The hippocampal formation is composed of the subiculum, hippocampus (also called the hippocampus proper or horn of Ammon), and dentate gyrus (see Fig. 31.4 ), all of which constitute the allocortex of Brodmann. The subiculum is laterally continuous with the cortex of the parahippocampal gyrus and an area of the periallocortex. Medially, the edge of the hippocampal formation is formed by the dentate gyrus and the fimbria of the hippocampus.
Developmentally, the hippocampal formation originates dorsally and migrates into its ventral and medial positions in the temporal lobe. During this migration, small remnants of the hippocampal formation remain behind to form the medial and lateral longitudinal striae and their associated gray matter, the indusium griseum ( Fig. 31.3 ). These structures are small in the human brain and extend rostrally along the dorsal aspect of the corpus callosum into the subcallosal area.

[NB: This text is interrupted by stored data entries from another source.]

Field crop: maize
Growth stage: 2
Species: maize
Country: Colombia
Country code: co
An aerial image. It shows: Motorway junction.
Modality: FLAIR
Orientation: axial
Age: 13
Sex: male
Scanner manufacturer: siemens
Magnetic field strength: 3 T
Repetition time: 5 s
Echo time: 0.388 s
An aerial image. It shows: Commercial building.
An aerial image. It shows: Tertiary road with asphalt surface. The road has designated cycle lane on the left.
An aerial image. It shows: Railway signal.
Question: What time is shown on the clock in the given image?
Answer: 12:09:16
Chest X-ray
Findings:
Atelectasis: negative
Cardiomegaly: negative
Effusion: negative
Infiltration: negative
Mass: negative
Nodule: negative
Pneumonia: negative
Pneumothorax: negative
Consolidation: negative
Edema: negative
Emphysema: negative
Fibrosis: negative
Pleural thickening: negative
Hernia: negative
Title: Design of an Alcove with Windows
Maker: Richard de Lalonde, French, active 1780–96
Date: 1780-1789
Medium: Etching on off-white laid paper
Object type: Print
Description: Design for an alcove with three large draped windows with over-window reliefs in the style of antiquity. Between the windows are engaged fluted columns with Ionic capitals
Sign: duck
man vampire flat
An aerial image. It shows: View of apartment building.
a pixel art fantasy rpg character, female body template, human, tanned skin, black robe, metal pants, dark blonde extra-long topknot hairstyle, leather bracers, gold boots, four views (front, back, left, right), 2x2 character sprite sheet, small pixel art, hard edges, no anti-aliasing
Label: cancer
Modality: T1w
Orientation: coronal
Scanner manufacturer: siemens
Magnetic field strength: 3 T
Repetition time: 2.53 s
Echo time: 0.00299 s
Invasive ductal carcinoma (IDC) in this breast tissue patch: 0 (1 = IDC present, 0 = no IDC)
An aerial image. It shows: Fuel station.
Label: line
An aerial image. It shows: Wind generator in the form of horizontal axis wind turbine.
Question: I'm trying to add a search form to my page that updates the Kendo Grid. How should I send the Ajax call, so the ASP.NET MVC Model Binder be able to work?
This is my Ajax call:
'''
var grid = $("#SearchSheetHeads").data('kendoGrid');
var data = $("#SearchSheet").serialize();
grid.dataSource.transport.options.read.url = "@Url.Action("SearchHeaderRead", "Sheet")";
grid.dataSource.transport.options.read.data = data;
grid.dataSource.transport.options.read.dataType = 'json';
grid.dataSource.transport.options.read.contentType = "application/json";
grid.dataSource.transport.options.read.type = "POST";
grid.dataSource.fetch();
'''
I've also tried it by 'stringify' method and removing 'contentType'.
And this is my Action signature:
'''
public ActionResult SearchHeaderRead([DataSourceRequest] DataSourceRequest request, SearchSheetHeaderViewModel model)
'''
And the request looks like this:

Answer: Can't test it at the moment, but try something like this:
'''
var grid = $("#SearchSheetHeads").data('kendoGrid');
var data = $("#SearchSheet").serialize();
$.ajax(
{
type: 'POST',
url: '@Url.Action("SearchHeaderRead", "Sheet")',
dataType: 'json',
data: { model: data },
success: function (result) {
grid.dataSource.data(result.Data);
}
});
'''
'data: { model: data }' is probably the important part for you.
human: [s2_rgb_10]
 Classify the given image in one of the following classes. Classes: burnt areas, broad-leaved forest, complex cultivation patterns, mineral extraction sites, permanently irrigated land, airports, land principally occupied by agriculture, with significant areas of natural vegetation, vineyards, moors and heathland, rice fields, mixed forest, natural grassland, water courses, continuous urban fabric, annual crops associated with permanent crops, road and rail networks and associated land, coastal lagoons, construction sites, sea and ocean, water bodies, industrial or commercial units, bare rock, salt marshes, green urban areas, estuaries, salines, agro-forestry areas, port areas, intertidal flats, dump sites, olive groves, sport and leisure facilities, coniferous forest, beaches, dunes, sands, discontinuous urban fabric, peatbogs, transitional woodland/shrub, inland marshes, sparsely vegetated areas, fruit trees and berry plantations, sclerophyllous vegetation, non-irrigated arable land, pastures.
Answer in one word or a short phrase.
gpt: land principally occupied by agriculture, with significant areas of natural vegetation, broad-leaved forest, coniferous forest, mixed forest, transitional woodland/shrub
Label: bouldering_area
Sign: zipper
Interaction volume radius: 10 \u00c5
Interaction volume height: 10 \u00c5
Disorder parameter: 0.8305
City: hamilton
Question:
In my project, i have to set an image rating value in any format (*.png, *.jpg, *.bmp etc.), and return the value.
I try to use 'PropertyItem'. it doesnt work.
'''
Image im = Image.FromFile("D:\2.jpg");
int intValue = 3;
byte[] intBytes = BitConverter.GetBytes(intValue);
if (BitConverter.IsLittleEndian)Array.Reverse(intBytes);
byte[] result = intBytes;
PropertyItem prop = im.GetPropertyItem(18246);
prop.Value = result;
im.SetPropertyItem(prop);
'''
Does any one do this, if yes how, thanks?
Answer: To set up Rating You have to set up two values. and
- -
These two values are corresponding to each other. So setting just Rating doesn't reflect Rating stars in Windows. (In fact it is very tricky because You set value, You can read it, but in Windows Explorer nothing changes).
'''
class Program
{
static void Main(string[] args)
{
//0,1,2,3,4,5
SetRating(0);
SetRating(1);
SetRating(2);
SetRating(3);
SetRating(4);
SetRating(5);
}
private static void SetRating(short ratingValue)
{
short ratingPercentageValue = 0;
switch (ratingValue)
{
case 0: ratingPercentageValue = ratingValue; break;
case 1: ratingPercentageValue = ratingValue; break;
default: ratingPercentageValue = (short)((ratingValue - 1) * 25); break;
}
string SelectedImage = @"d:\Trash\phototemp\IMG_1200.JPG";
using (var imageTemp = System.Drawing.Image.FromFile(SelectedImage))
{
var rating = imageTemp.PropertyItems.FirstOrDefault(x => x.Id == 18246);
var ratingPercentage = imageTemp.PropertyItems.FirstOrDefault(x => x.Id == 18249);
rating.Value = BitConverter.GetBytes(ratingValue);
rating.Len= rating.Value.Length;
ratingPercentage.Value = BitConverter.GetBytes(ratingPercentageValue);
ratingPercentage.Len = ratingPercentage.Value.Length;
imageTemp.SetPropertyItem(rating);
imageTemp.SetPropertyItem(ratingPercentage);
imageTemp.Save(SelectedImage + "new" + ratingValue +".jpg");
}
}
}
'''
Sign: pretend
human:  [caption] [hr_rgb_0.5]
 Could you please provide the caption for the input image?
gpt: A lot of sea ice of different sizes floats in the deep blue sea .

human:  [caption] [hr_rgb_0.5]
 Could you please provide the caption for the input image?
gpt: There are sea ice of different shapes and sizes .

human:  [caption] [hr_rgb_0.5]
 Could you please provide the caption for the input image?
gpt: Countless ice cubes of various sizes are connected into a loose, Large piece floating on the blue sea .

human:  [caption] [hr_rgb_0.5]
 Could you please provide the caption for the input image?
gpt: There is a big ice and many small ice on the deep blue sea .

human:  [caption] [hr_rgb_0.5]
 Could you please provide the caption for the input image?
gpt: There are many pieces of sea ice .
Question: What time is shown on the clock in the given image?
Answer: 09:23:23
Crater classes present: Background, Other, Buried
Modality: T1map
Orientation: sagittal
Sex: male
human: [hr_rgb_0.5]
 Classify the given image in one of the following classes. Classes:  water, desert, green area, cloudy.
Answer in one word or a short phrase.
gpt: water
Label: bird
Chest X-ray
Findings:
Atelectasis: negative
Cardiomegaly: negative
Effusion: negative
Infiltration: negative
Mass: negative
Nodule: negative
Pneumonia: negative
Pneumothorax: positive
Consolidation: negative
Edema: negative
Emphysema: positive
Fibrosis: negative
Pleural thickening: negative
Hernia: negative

The subiculum of the hippocampal formation is the transitional area between the three-layered hippocampus (allocortex) and the five-layered entorhinal cortex (periallocortex) of the parahippocampal gyrus ( Fig. 31.4 ). This transitional zone, although small, can be divided into a prosubiculum, subiculum proper, presubiculum, and parasubiculum. These areas are essential for the flow of information into the hippocampal formation.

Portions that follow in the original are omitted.